25 men were included in the final analysis, nine of whom had rUTI. Interestingly, men who had rUTI had a median serum PSA level of 2.4 ng/ml at their initial episode, compared with 6.3 ng/ml in those who had only a single UTI.

The team then assessed whether bacterial challenge of LNCaP cells affected the expression of PSA, SLPI and WFDC2. Indeed, E. coli challenge increased the expression of all three genes, with PSA concentrations increasing within just 1 h of infection. Similar results were also observed during E. coli challenge of primary prostatic epithelial monolayers. Using the PSA-negative DU145 cell line, the team showed a potential protective role of PSA—the invasion frequency of E. coli into DU145 monolayers was significantly higher than that of LNCaP cells. Furthermore, co-incubation of SLPI with PSA resulted in SLPI cleavage, which releases antimicrobial moieties and resulted in enhanced E. coli killing.

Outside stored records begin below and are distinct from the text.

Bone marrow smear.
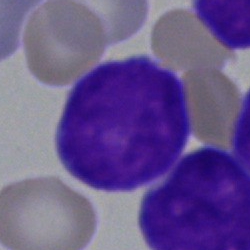

Cell type = blast.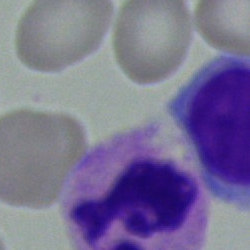

Impression — polymorphonuclear neutrophil.

“The phenomenon of raised PSA during male UTI has long been recognised but until now only as a confounder to prostate cancer diagnosis,” corresponding author Judith Hall told Nature Reviews Urology. “The linkage of the in vitro findings with our clinical data suggesting that men with raised PSA during UTI were less likely to suffer rUTI suggests that there is indeed a protective benefit from this previously disregarded phenomenon.”